Fixing incorrect message memory fee

TL;DR

Message memory is currently not appropriately charged for. We propose a charging model that fixes this while only minimally impacting typical workloads.

Background

Whenever a canister produces a message for another canister, i.e., a canister-to-canister message, it has to be stored in the replicated state until it is delivered and picked up for processing by the recipient. Message memory is a shared resource among all canisters on a subnet. It is different to other canister related types of memory – like heap or stable memory – because messages are ephemeral by their nature, and, in the current implementation of the protocol, messages are held in RAM at all times and serialized/deserialized upon every checkpoint. Also messages in subnet-to-subnet streams have to be certified every round. Naturally, this means that message memory is more resource intensive than other canister related types of memory. The pricing for message memory, however, is currently the same as for other canister related types of memory.

The problem

As described above, the reasoning behind the current pricing for message memory has a major flaw: message memory should be considered much more valuable than other types of subnet memory because it is scarcer and additionally has a bigger relative impact on replica and subnet performance.

The proposed fix

Similarly to the previous case of fixing the incorrect compute allocation fee, we would like to address the flaw in message memory pricing.

We target a model that should have minimal impact for typical workloads, while still leading to a reasonable fee for utilizing big chunks of message memory for prolonged periods of time.

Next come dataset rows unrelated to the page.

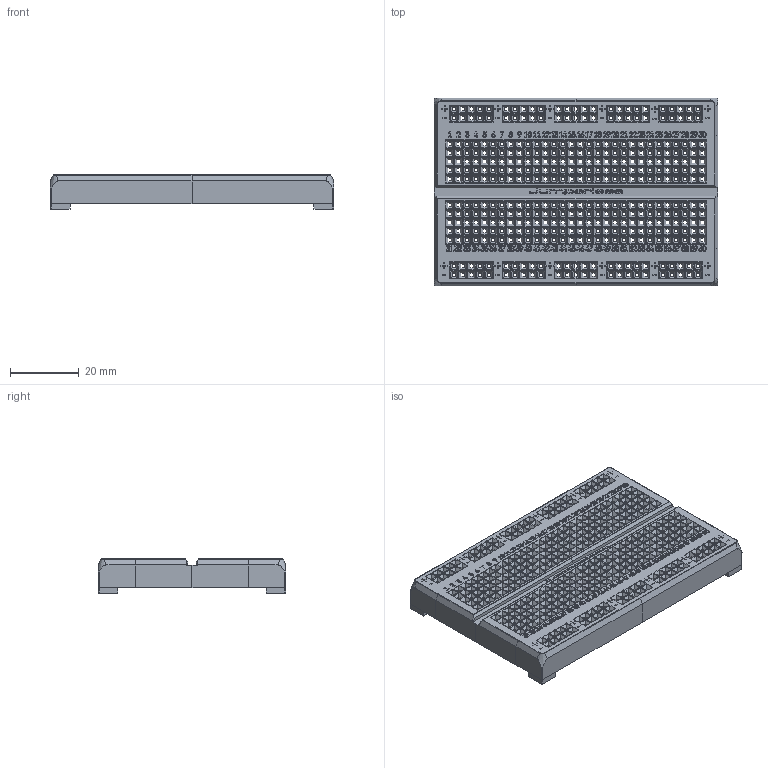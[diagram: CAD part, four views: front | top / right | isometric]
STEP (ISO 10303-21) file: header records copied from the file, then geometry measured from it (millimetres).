
FILE_DESCRIPTION(/* description */ (''),/* implementation_level */ '2;1');
FILE_NAME(/* name */ 'Breadboard v12.step',/* time_stamp */ '2023-05-10T19:18:18-07:00',/* author */ (''),/* organization */ (''),/* preprocessor_version */ 'ST-DEVELOPER v19.2',/* originating_system */ 'Autodesk Translation Framework v12.4.0.73',/* authorisation */ '');
FILE_SCHEMA (('AUTOMOTIVE_DESIGN { 1 0 10303 214 3 1 1 }'));
Products named in the file (1): Breadboard
Bounding box: 82.55 x 54.61 x 9.98 mm (x, y, z)
Volume: 19427.2 mm3; surface area: 30872.3 mm2
Topology: 5 solids, 5 shells, 8110 faces, 20498 edges, 12522 vertices
Faces by surface type: plane 5582, cylinder 1636, bspline 892
Entity records: 241429 total; most frequent: CARTESIAN_POINT 53365, ORIENTED_EDGE 40996, DIRECTION 34916, EDGE_CURVE 20498, LINE 17046, VECTOR 17046, VERTEX_POINT 12522, EDGE_LOOP 9061

Concretely, we propose to charge 0.125 cycles per byte per second (or approximately 250K cycles per message per second).

The impact

For subnet-local inter-canister calls, which complete within the same or the next execution round, the impact would be minimal. For actual cross-subnet calls that complete within 10 seconds (the median cross-subnet roundtrip time is 5 seconds), the additional cost would be around 2.5M cycles, which is the same as would be charged for an additional 2.5 KB of payload.

The rollout plan

If the NNS proposal to elect a (to be implemented) replica binary revision which uses the new price for message memory and charges accordingly is accepted, the change will be rolled out to all subnets via subsequent upgrade proposals.

11 Likes

Admin Note:

I pinned the topic at the user’s request and because this would affect developer experience

6 Likes

This is effectively a 10x increase on subnet-to-subnet calls relative to the current pricing model. The scaling pattern for applications on the IC requires subnet-to-subnet calls.

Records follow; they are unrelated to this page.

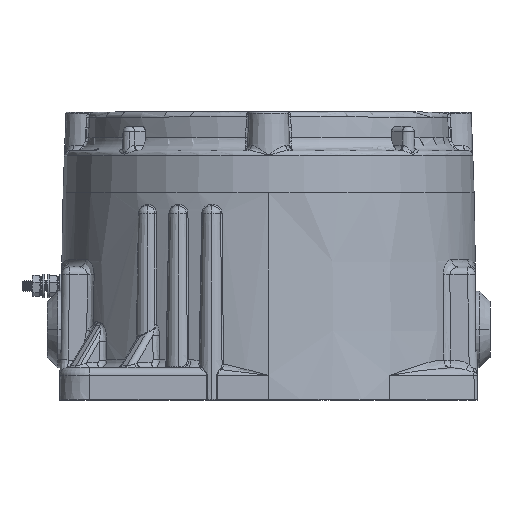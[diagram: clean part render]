
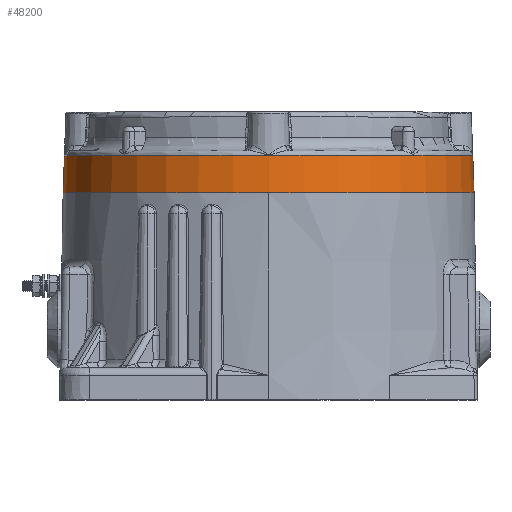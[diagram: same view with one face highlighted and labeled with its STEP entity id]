
A CAD part, top view. The second image highlights one B-rep face of the part: STEP entity #48200.
In plain terms, the highlighted conical face has half-angle 2 degrees and reference radius 77.5 mm.
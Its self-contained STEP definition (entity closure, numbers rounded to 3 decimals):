
#5023 = AXIS2_PLACEMENT_3D ( 'NONE', #6662, #20478, #6944 ) ;
#6662 = CARTESIAN_POINT ( 'NONE',  ( 0., 78., 0. ) ) ;
#6944 = DIRECTION ( 'NONE',  ( -1., 0., 0. ) ) ;
#9976 = DIRECTION ( 'NONE',  ( 0.035, -0.999, 0. ) ) ;
#11817 = VECTOR ( 'NONE', #29986, 1000. ) ;
#13328 = CIRCLE ( 'NONE', #52923, 77.009 ) ;
#14378 = AXIS2_PLACEMENT_3D ( 'NONE', #17565, #25646, #42671 ) ;
#15832 = EDGE_CURVE ( 'NONE', #40476, #53369, #45431, .T. ) ;
#16966 = CARTESIAN_POINT ( 'NONE',  ( -77.5, 78., 0. ) ) ;
#17128 = ORIENTED_EDGE ( 'NONE', *, *, #55017, .T. ) ;
#17311 = DIRECTION ( 'NONE',  ( 0., -1., 0. ) ) ;
#17565 = CARTESIAN_POINT ( 'NONE',  ( 0., 78., 0. ) ) ;
#18830 = VERTEX_POINT ( 'NONE', #30651 ) ;
#19868 = EDGE_LOOP ( 'NONE', ( #43008, #17128, #23656, #22298 ) ) ;
#20478 = DIRECTION ( 'NONE',  ( 0., -1., 0. ) ) ;
#22298 = ORIENTED_EDGE ( 'NONE', *, *, #30771, .T. ) ;
#22458 = VERTEX_POINT ( 'NONE', #53384 ) ;
#23468 = CONICAL_SURFACE ( 'NONE', #5023, 77.5, 0.035 ) ;
#23656 = ORIENTED_EDGE ( 'NONE', *, *, #51488, .T. ) ;
#24479 = CIRCLE ( 'NONE', #14378, 77.5 ) ;
#25646 = DIRECTION ( 'NONE',  ( 0., 1., 0. ) ) ;
#26207 = LINE ( 'NONE', #16966, #11817 ) ;
#29986 = DIRECTION ( 'NONE',  ( -0.035, -0.999, 0. ) ) ;
#30651 = CARTESIAN_POINT ( 'NONE',  ( -77.5, 78., 0. ) ) ;
#30771 = EDGE_CURVE ( 'NONE', #18830, #53369, #24479, .T. ) ;
#39260 = CARTESIAN_POINT ( 'NONE',  ( 0., 92.07, 0. ) ) ;
#40476 = VERTEX_POINT ( 'NONE', #54567 ) ;
#42671 = DIRECTION ( 'NONE',  ( -1., 0., 0. ) ) ;
#43008 = ORIENTED_EDGE ( 'NONE', *, *, #15832, .F. ) ;
#45431 = LINE ( 'NONE', #49518, #51791 ) ;
#47089 = CARTESIAN_POINT ( 'NONE',  ( 77.5, 78., 0. ) ) ;
#48200 = ADVANCED_FACE ( 'NONE', ( #55624 ), #23468, .T. ) ;
#49518 = CARTESIAN_POINT ( 'NONE',  ( 77.5, 78., 0. ) ) ;
#51488 = EDGE_CURVE ( 'NONE', #22458, #18830, #26207, .T. ) ;
#51791 = VECTOR ( 'NONE', #9976, 1000. ) ;
#52496 = DIRECTION ( 'NONE',  ( -1., 0., 0. ) ) ;
#52923 = AXIS2_PLACEMENT_3D ( 'NONE', #39260, #17311, #52496 ) ;
#53369 = VERTEX_POINT ( 'NONE', #47089 ) ;
#53384 = CARTESIAN_POINT ( 'NONE',  ( -77.009, 92.07, 0. ) ) ;
#54567 = CARTESIAN_POINT ( 'NONE',  ( 77.009, 92.07, 0. ) ) ;
#55017 = EDGE_CURVE ( 'NONE', #40476, #22458, #13328, .T. ) ;
#55624 = FACE_OUTER_BOUND ( 'NONE', #19868, .T. ) ;

For reference, the way Quark was designed, according to the suggested scaling patterns, this would translate to a 10x increase in overhead. The IC is an actor based system. Messaging must be cheap.

Aside: We decided not to ship Quark out of fear something like this could happen. And, a lack of critical tooling (reporting, logging).

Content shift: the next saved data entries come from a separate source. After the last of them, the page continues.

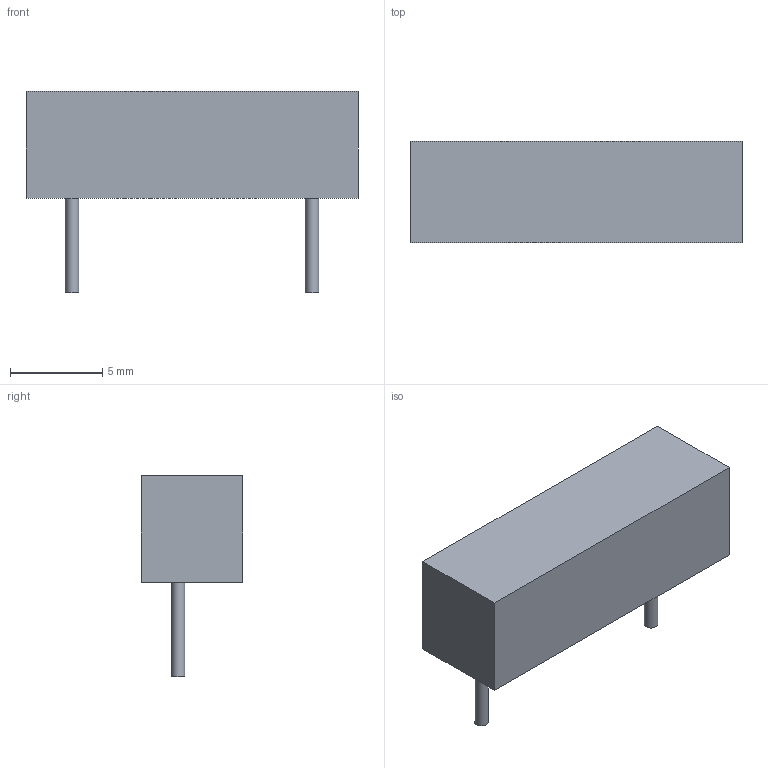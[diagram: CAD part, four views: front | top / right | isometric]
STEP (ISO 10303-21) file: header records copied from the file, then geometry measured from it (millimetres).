
FILE_DESCRIPTION(('FreeCAD Model'),'2;1');
FILE_NAME('1932330.1.3.stp','2023-10-27T10:24:45',( 'Author'),(''),'Open CASCADE STEP processor 6.9','FreeCAD','Unknown' );
FILE_SCHEMA(('AUTOMOTIVE_DESIGN { 1 0 10303 214 1 1 1 1 }'));
Length unit declared in the file: millimetre
Products named in the file (3): ASSEMBLY; Body; Leads
Assembly tree (2 placements, depth 2):
  ASSEMBLY
    Body
    Leads
Bounding box: 18 x 5.5 x 10.9 mm (x, y, z)
Volume: 578.5 mm3; surface area: 495.7 mm2
Topology: 3 solids, 3 shells, 12 faces, 18 edges, 12 vertices
Faces by surface type: plane 10, cylinder 2
Full cylindrical faces by diameter (mm): 0.73 x2
Entity records: 573 total; most frequent: DIRECTION 88, CARTESIAN_POINT 81, LINE 46, VECTOR 46, ORIENTED_EDGE 36, PCURVE 36, DEFINITIONAL_REPRESENTATION 36, AXIS2_PLACEMENT_3D 19

  • What was the line of thinking with the existing pricing model? Following this change, are you sure ingress messages are priced accurately?

  • Developers need to understand better why this is presently causing issues. Or, at least how this could cause issues in the future. Are canisters maliciously saturating this memory pool today?

  • A potential unintended consequence of this I see if punishing applications for “working” in periods of high load. What is the max time a message will wait in the outbox? Do you have plans to provide mechanisms to canisters to introspect on the current load level? For example, consider how this could be used by a larger project to stifle competition from a much smaller project.

  • Similarly, how can developers expect this pricing to scale on different subnets.

I won’t be following up here. But, this is a huge change I couldn’t ignore. I hope this creates come curiosity in the community and the conversations continues.

David, I hope the foundation treats you to a nice dinner for drawing the short stick on this one :slight_smile: .

9 Likes

Thanks a lot for the constructive feedback. Let me try to answer your questions below.

I guess this 10x is neglecting the xnet_byte_transmission_fee and the update_message_execution_fee. So when solely considering the call fee it would be roughly a 10x increase, yes. However, note that the caller has to pay the update_message_execution_fee twice (once for executing the message that triggers the call and once for the response; ~ 1.2M) and the transmission fee of 1000 cycles per byte which can go into the billions for larger payloads. When also considering these fees, it is a 2x increase in the worst case for tiny messages. For messages with bigger payload the increase will be more like a fraction of a percent. Subnet-local messages (most of the messages that we currently see on mainnet) will be affected even less than that.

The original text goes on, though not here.